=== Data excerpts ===
'''

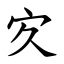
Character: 㝌
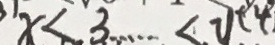
x < 3 \cdots < y + 4
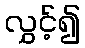
လွှင့်၍
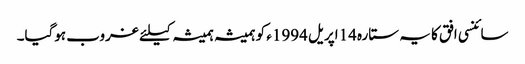
سائنسی افق کا یہ ستارہ 14اپریل 1994ء کو ہمیشہ ہمیشہ کیلئے غروب ہوگیا۔
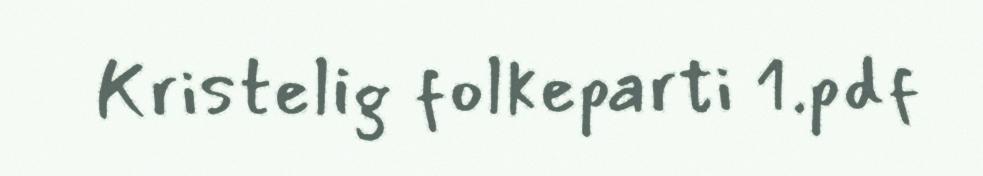
Kristelig folkeparti 1.pdf
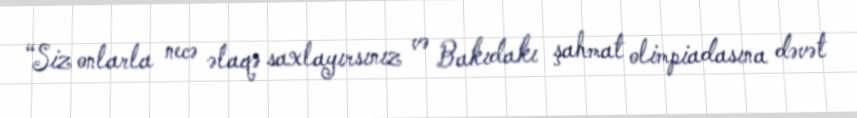
“Siz onlarla necə əlaqə saxlayırsınız və Bakıdakı şahmat olimpiadasına dəvət
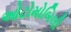
ઓટોમોબિલી
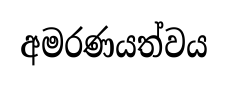
අමරණයත්වය
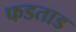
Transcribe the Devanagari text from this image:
फडताड
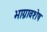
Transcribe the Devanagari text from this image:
भाग्नावशेष
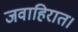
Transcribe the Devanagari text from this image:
जवाहिरात।
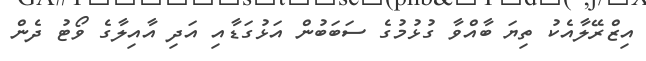
އިޒްރޭލާއެކު ތިޔަ ބާއްވާ ގުޅުމުގެ ސަބަބުން އަޅުގަޑާއި އަދި އާއިލާގެ ވޯޓު ދެން
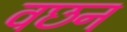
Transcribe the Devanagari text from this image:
वछन
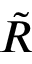
\Tilde { R }
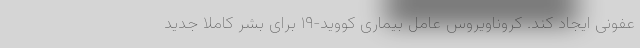
عفونی ایجاد کند. کروناویروس عامل بیماری کووید-۱۹ برای بشر کاملا جدید
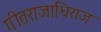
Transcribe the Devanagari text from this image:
गीतराजाधिराज

'''

=== PROBLEM TO SOLVE ===
Your answer must be an exact copy of the records above, with every picture left out.

=== OUTPUT FOR THIS TASK ===
Character: 㝌
x < 3 \cdots < y + 4
လွှင့်၍
سائنسی افق کا یہ ستارہ 14اپریل 1994ء کو ہمیشہ ہمیشہ کیلئے غروب ہوگیا۔
Kristelig folkeparti 1.pdf
“Siz onlarla necə əlaqə saxlayırsınız və Bakıdakı şahmat olimpiadasına dəvət
ઓટોમોબિલી
අමරණයත්වය
Transcribe the Devanagari text from this image:
फडताड
Transcribe the Devanagari text from this image:
भाग्नावशेष
Transcribe the Devanagari text from this image:
जवाहिरात।
އިޒްރޭލާއެކު ތިޔަ ބާއްވާ ގުޅުމުގެ ސަބަބުން އަޅުގަޑާއި އަދި އާއިލާގެ ވޯޓު ދެން
Transcribe the Devanagari text from this image:
वछन
\Tilde { R }
عفونی ایجاد کند. کروناویروس عامل بیماری کووید-۱۹ برای بشر کاملا جدید
Transcribe the Devanagari text from this image:
गीतराजाधिराज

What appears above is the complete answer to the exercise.